We need to cultivate the social entrepreneurs in our social economy, the way we cherish, support and cultivate entrepreneurs in our market economy. These people that I write about are really social entrepreneurs. Even though they may be small in number, if we properly harness what they are doing, we can invest in the way you do as an entrepreneur, and you can bring about large scale reform in those communities.

My struggle is to convince America that the way to help these communities is to support those that know how to promote reform and recovery from within the communities. My struggle is to convince policymakers and funders that the answers are within the community suffering the problems, that the real experts are those that are personal witnesses, and that transformation and redemption are possible.

Mr. Jekielek: You’re making me think of the Benning Terrace complex and what was able to happen there. Tell me about this quite incredible story in the book.
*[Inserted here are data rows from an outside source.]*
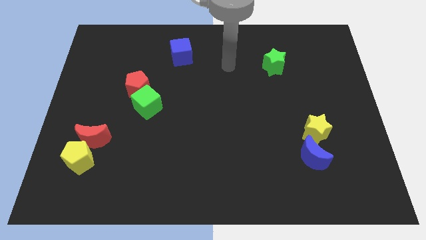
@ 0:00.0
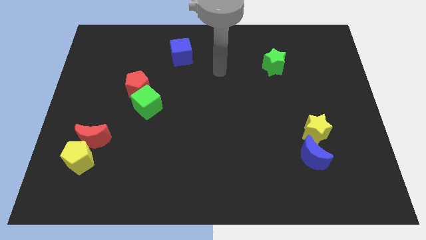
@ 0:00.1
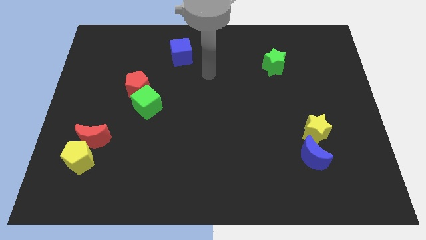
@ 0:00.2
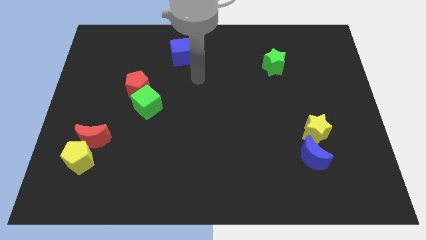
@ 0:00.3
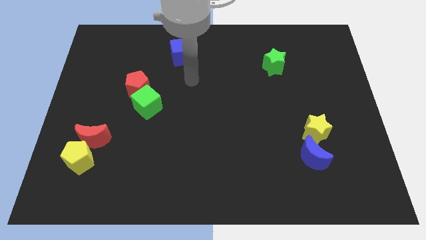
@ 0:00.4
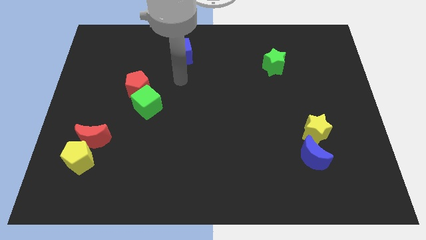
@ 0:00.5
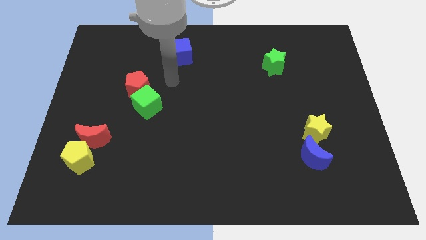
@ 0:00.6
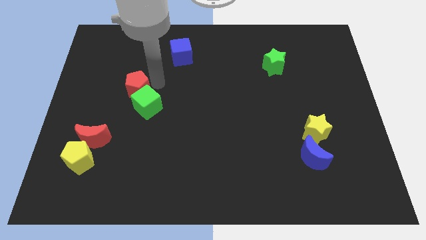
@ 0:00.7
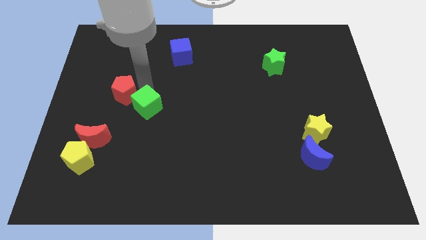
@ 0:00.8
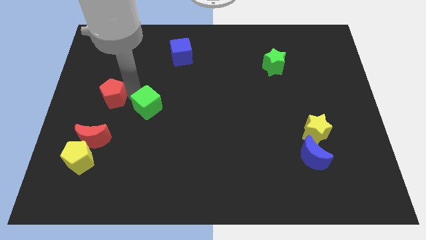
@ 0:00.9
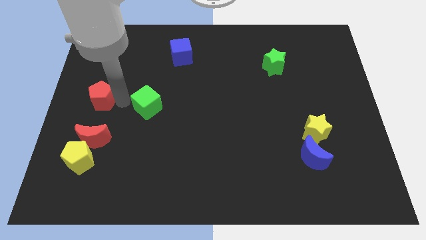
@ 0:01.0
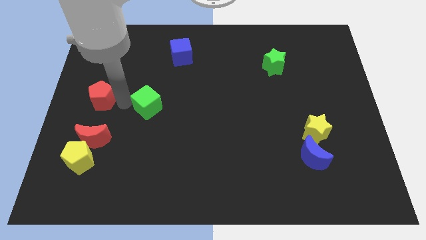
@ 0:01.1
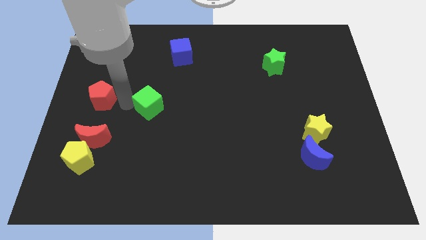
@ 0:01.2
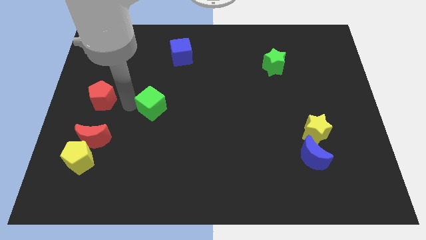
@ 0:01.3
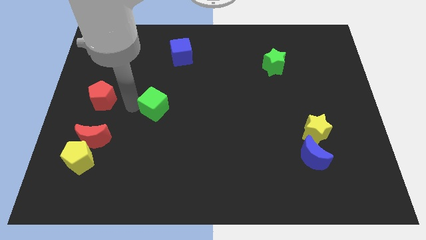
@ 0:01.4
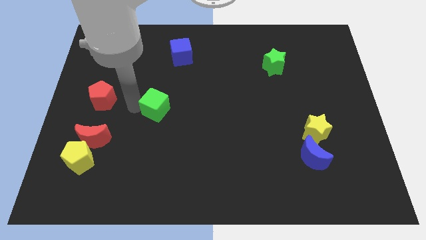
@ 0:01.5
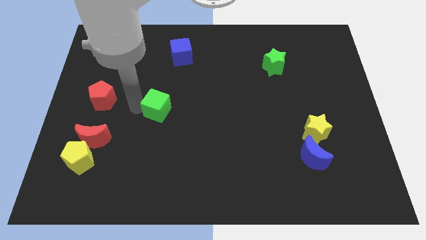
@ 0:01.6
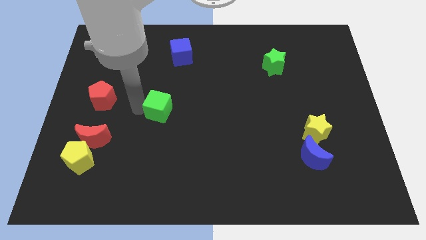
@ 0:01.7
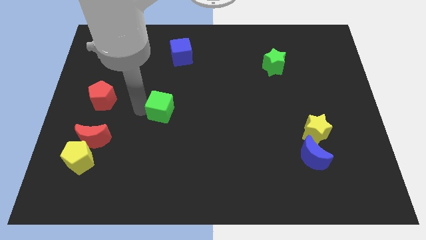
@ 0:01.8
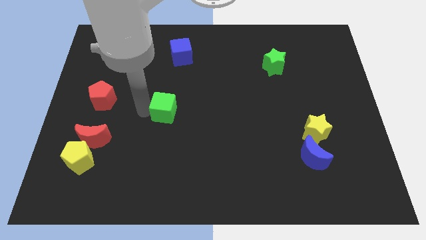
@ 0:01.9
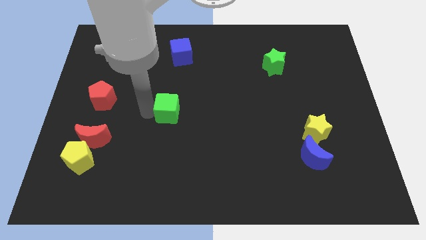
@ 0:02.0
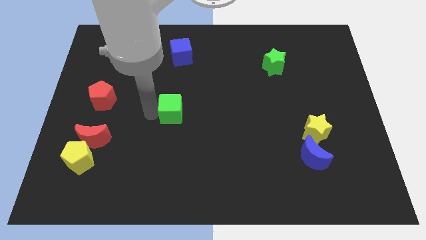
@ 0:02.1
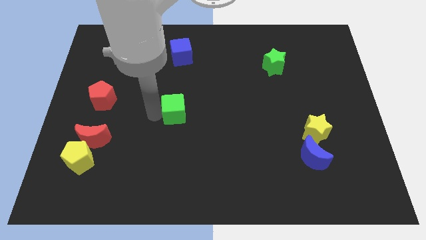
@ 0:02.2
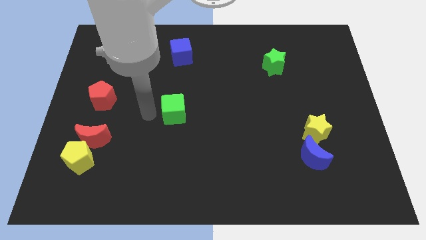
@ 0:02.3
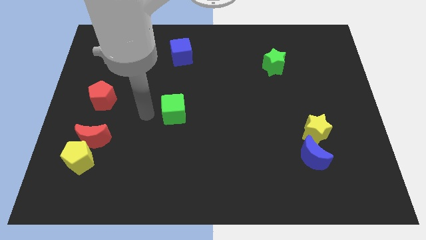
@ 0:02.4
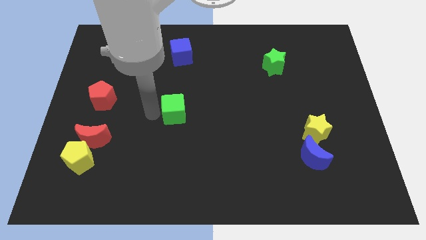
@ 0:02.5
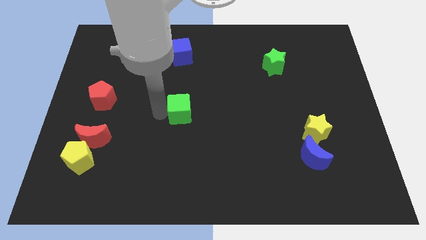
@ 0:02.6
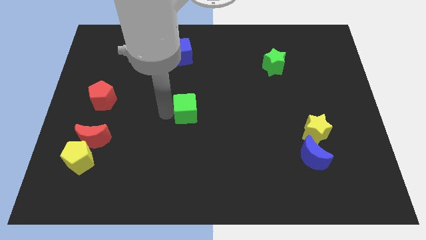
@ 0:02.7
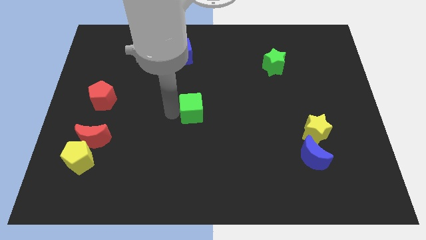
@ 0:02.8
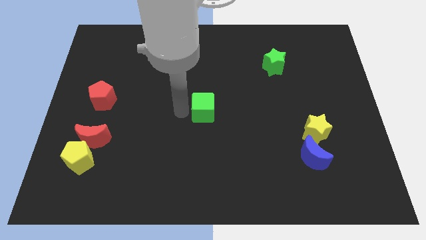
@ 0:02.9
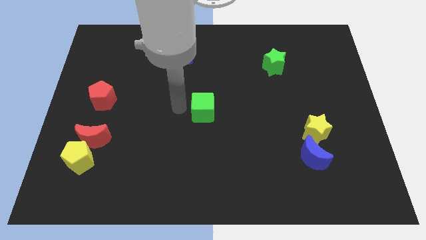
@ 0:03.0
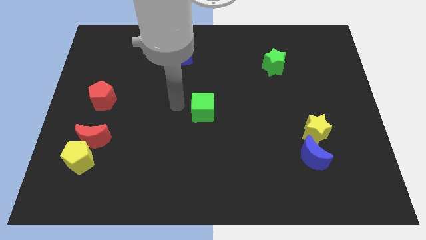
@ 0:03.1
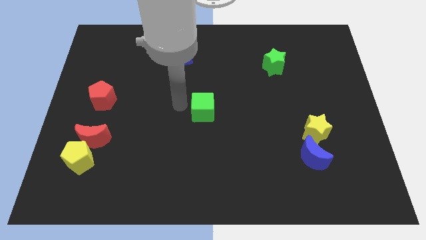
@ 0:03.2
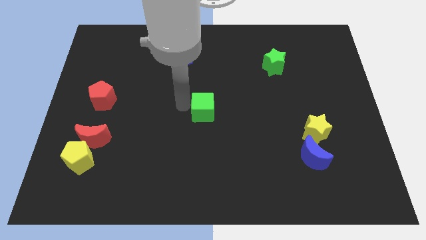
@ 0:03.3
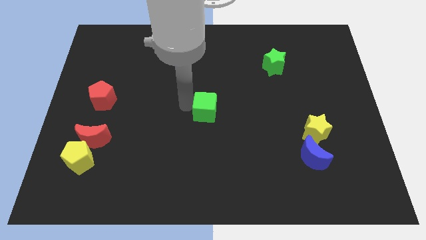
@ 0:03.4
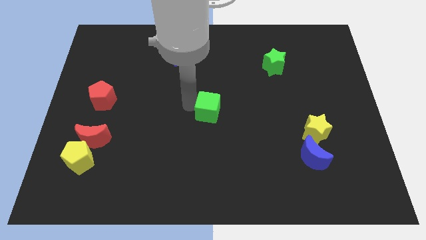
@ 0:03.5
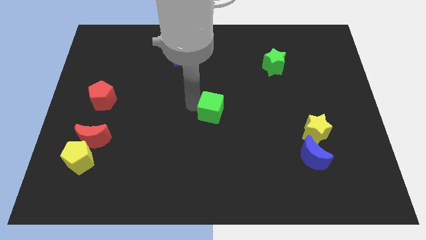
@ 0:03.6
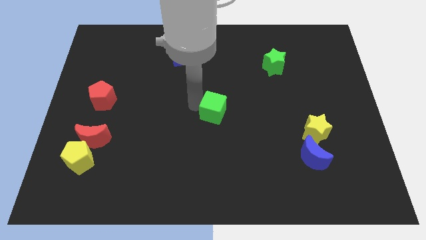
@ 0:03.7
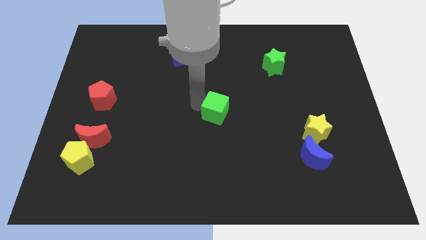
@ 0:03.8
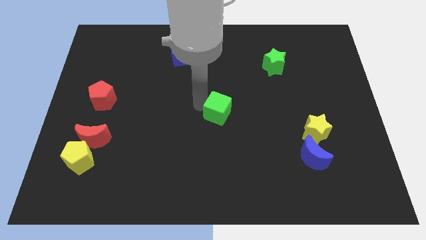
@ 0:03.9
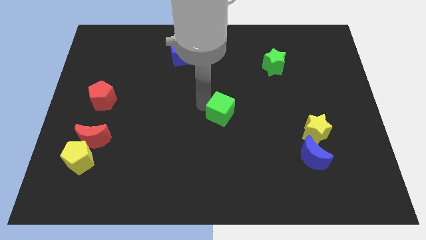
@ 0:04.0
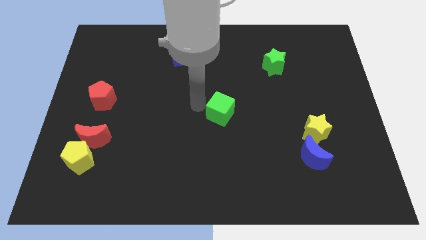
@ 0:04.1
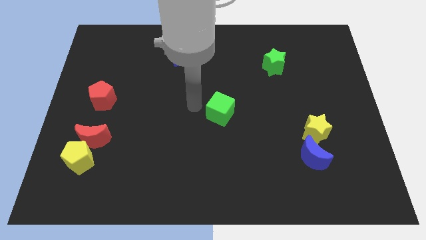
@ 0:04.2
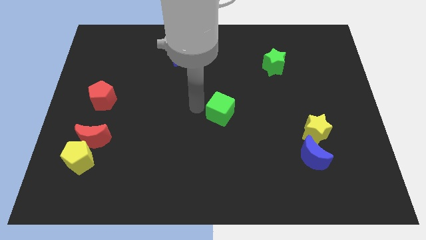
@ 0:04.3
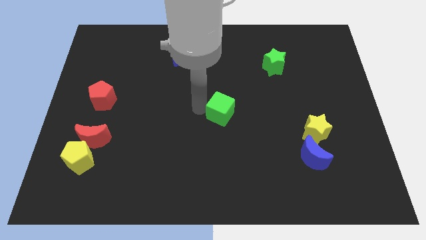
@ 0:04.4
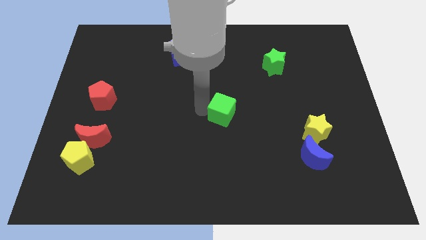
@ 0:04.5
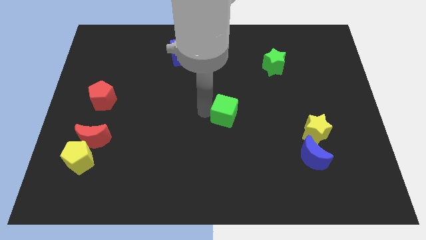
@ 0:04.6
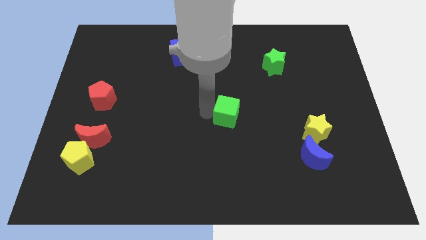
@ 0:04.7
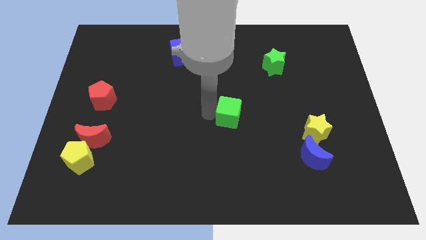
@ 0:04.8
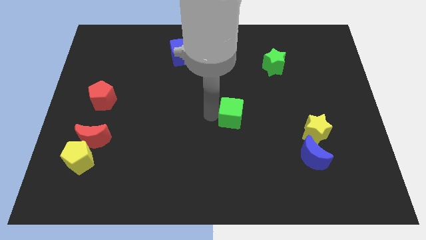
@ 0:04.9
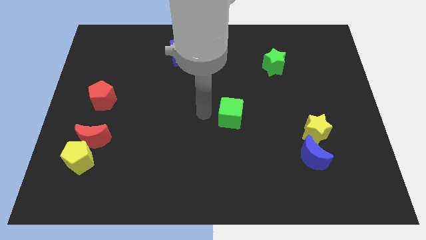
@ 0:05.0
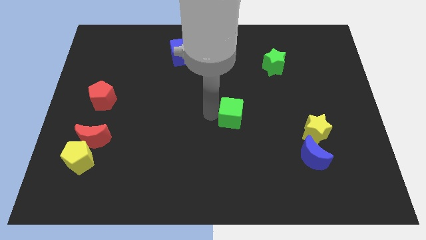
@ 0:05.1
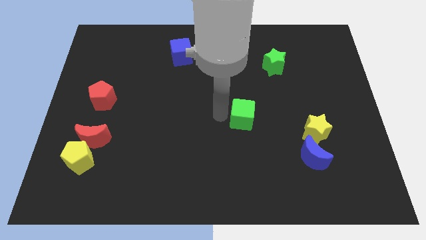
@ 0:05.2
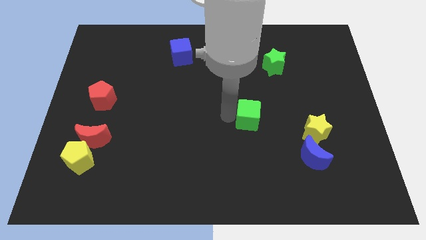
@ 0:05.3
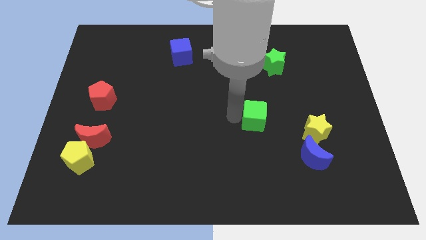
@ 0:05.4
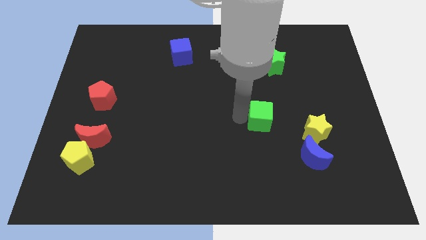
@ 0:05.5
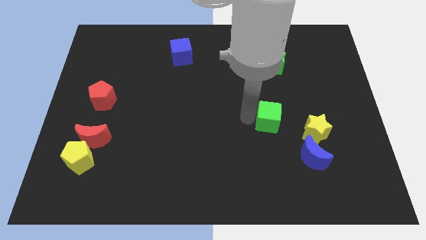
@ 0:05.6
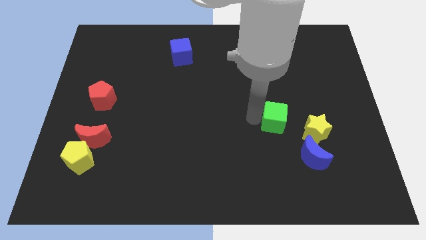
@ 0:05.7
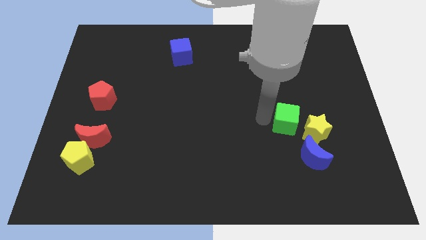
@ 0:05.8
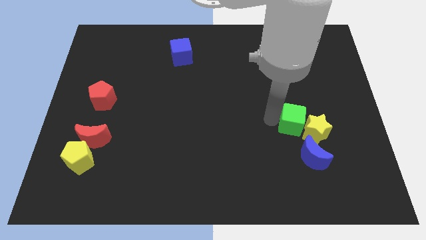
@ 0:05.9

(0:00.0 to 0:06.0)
put the green cube next to the yellow star

Mr. Woodson: About 22 years ago, I was working with a group of men, the name was “Alliance of Concerned Men.” These are men who had been to prison. Most of them were drug addicts, but through God’s grace, they would be redeemed and transformed. They were working in the community with young people trying to divert them away from a lot predatory lifestyles. They came to me because they knew I had some experience in gang intervention.

I said to them, “No one can really measure your impact, even though you’re trusted by a law enforcement officials and people, civic leaders and the kids. So why don’t you go to one area of one neighborhood and see what you can do?” Then Darryl Hall, the 12-year-old, was killed in a public housing complex called Benning Terrace in southeast Washington. There were 53 murders in a five square block area in two years in this one complex.
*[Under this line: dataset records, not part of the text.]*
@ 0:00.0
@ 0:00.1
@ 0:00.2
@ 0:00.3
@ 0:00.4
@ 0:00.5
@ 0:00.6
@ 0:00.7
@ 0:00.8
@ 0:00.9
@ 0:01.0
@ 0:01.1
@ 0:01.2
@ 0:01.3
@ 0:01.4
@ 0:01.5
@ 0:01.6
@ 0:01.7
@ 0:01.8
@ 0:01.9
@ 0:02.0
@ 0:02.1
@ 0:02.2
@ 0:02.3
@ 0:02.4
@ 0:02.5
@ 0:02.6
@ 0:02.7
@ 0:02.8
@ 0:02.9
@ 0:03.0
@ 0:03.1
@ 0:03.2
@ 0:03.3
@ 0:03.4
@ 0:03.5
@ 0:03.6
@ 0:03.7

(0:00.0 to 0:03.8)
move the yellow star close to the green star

I said that God has made the choice to go up and bring those warring gang leaders to my office downtown, because there is sanctuary. So they were able to go in and in one day, bring 18 of these young men in. They came in separate vans to my office downtown. I had a meal waiting for them, because kids will fight when they’re drinking together, but never when they’re eating together. I think there’s something biblical about that. They convinced them to put down their guns.
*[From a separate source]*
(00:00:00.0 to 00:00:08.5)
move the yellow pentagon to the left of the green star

After a few sessions, they dissolved the gang and became the “Concerned Brothers of Benning Terrace.” They went back into the same community that they terrorized and tore up. They became a force for redeeming it. They planted grass working for the housing authority in a special program—they planted grass. The whole community came alive as hundreds of kids rushed into the streets. For the first time they could use the football field. It was transformed from a killing field. These young men were the catalyst to transform that whole area.

Pete Gruden, the head of the DEA office, [Drug Enforcement Administration] came to me and said, “Bob, it’s been a year, and not only is violence and crime down in Benning Terrace, but it also is down in the contiguous communities. When we conduct a raid, it just gets transmitted, it just moves. But you all solved me the problem.” For 12 years, we did not have a single gang-related murder that community.

As we continued to invest, and I’d learned principles that I extracted, we were able to take the experiences of Benning Terrace and those principles and export them to Dallas, Texas, and Milwaukee, Wisconsin. We learned an awful lot. We worked with the police in doing this, and PBS did a special on it. It was just an amazing experience that’s called the “violence free zone.”

Mr. Jekielek: What happened in this meeting that seems to have created the seeds? I mean, they had a meal, but these are people that are killing each other. So what happened in there?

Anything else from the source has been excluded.